On Nov 25, 2013, at 1:05 PM, Jonathan Rochkind wrote:
> Ah, but what if the data itself has tabs! Doh!
>
> It can be a mess either way. There are standards (or conventions?) for
> escaping internal commas in CSV -- which doesn't mean the software that was
> used to produce the CSV, or the software you are using to read it, actually
> respects them.
You don't have to escape the commas, you just have to double-quote the string.
If you want to have a double quote, you put two in a row:, eg:
"He said, ""hello"""
> But I'm not sure if there are even standards/conventions for escaping tabs in
> a tab-delimited text file?
None official ones that I'm aware of. I've seen some parsers that will
consider a backslash before a delimiter to be an escape, but I don't know if
there's an official spec for tab- / pipe- / whatever-delimited text.
> Really, the lesson to me is that you should always consider use an existing
> well-tested library for both reading and writing these files, whether CSV or
> tab-delimited -- even if you think "Oh, it's so simple, why bother than
> that." There will be edge cases. That you will discover only when they cause
> bugs, possibly after somewhat painful debugging. A well-used third-party
> library is less likely to have such edge case bugs.
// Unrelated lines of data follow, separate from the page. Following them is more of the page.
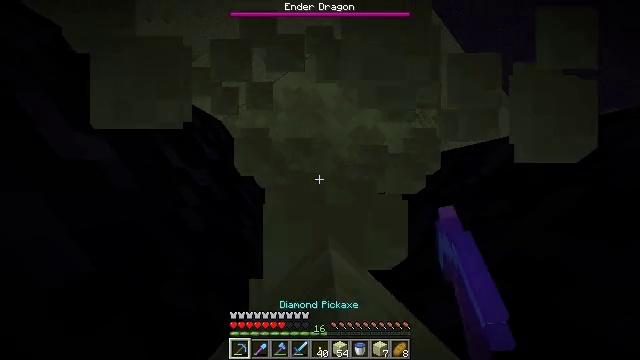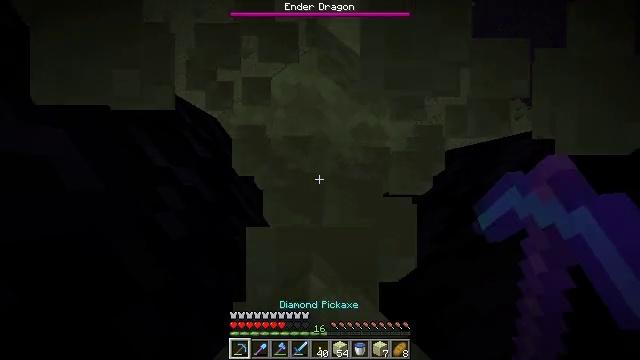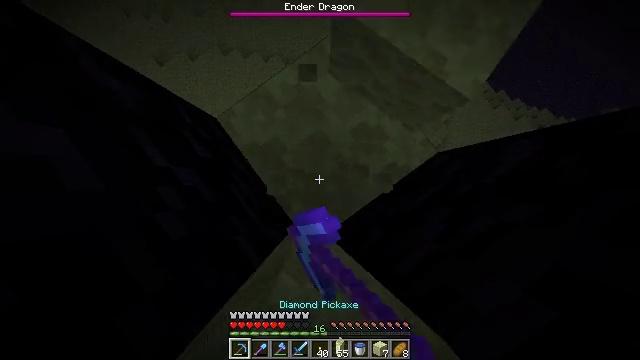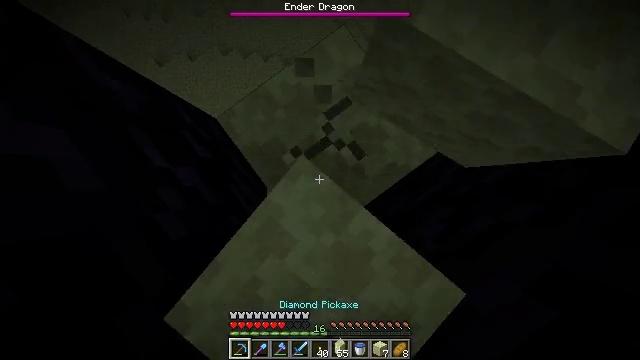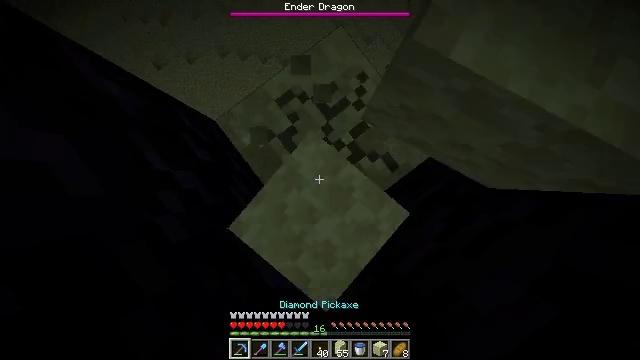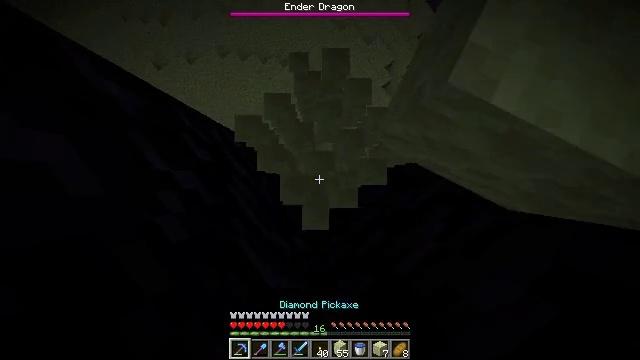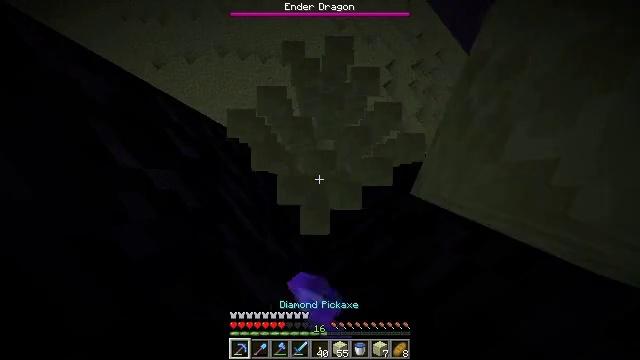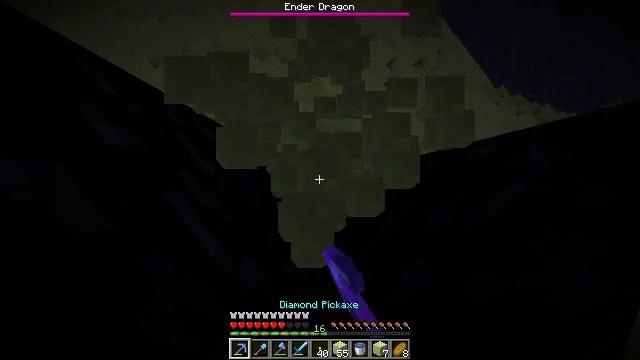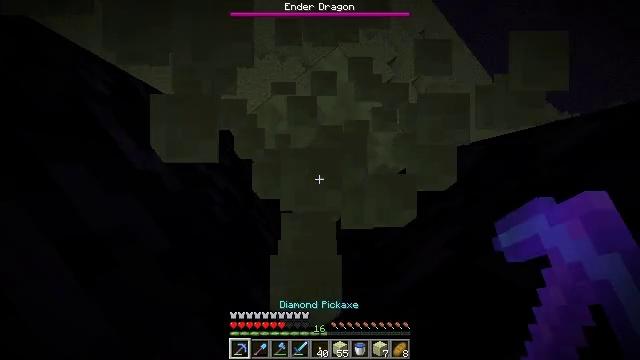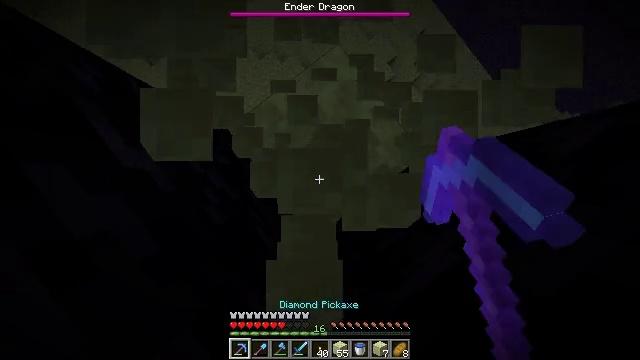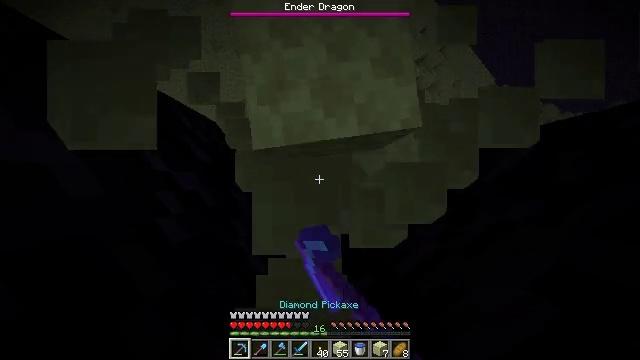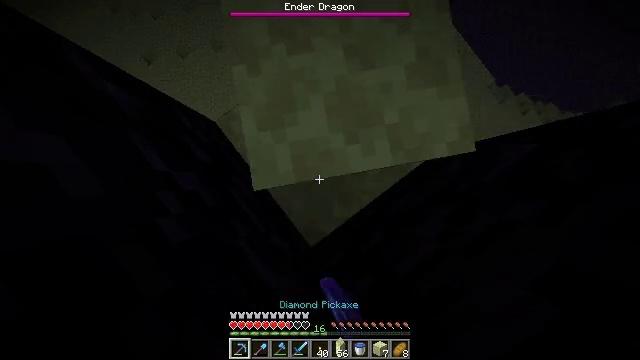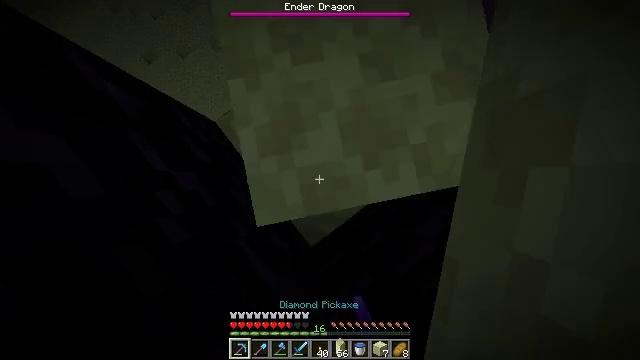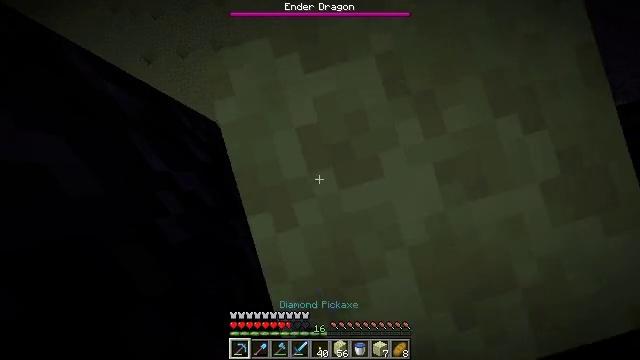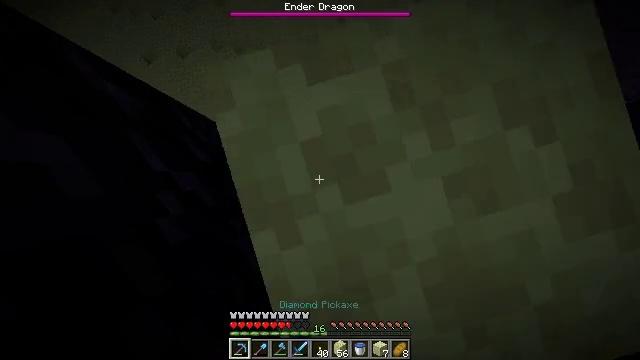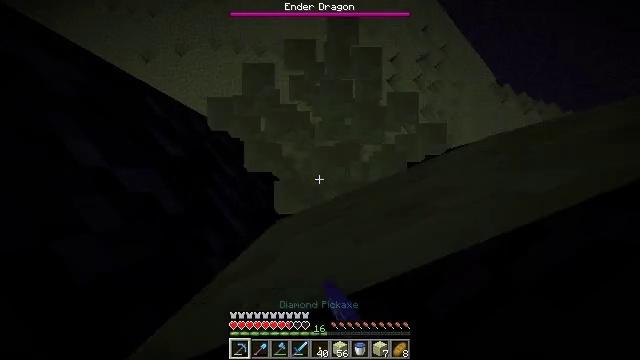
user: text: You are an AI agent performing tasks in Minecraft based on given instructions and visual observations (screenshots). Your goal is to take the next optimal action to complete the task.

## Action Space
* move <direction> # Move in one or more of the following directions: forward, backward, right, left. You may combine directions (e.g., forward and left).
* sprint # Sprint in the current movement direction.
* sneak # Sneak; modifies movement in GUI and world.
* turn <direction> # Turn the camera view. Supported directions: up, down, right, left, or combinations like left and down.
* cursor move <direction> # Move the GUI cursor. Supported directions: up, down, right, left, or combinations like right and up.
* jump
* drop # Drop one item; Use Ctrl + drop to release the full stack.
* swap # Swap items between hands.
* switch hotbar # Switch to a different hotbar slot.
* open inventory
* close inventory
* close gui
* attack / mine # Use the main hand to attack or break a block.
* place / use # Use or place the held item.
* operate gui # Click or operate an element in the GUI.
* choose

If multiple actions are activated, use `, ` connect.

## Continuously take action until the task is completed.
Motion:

Agreed, but in this case, it might be easier to bypass the library. (if you
were using a library, you'd have to shift an empty element to the front of each
row, then output it).
> I am more ruby than python; in ruby there is a library for reading and
> writing CSV in the stdlib.
> http://ruby-doc.org/stdlib-1.9.3/libdoc/csv/rdoc/CSV.html
And I'm more perl, and generally lazy for this simple of an edit:
perl -pi -e 's/^/\t/' file_to_convert
(the '-p' tells it to apply the transformation to each line, '-i.bak' tells it
to save the file with '.bak' appended before processing, "-e 's/^/\t/'" is to
put a tab at the front of the line)
-Joe